**WORK REQUEST**
Below are the records; repeat exactly their lines between the line holding "ဘဝေယျယထာ၊ ဖြစ်ရာသကဲ့သို့။ ဧဝမေဝခေါ၊" and the line holding "နွုတ်ခမ်းက ပင်ပန်းနွမ်းနယ်နေပြီး ဟုန်း", inclusive, skipping the pictures.

**SUPPLIED RECORDS**
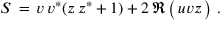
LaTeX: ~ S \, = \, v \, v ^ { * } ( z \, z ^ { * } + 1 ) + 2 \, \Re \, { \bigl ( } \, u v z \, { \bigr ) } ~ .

==

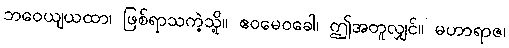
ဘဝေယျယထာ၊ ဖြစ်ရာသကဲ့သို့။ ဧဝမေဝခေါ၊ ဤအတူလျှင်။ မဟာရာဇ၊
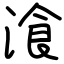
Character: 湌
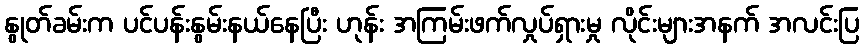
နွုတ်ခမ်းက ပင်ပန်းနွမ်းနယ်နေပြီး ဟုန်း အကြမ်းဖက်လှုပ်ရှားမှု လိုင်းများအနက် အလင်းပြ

...

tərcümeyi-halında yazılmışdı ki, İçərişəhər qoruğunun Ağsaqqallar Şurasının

**EXPECTED OUTPUT**
ဘဝေယျယထာ၊ ဖြစ်ရာသကဲ့သို့။ ဧဝမေဝခေါ၊ ဤအတူလျှင်။ မဟာရာဇ၊
Character: 湌
နွုတ်ခမ်းက ပင်ပန်းနွမ်းနယ်နေပြီး ဟုန်း အကြမ်းဖက်လှုပ်ရှားမှု လိုင်းများအနက် အလင်းပြ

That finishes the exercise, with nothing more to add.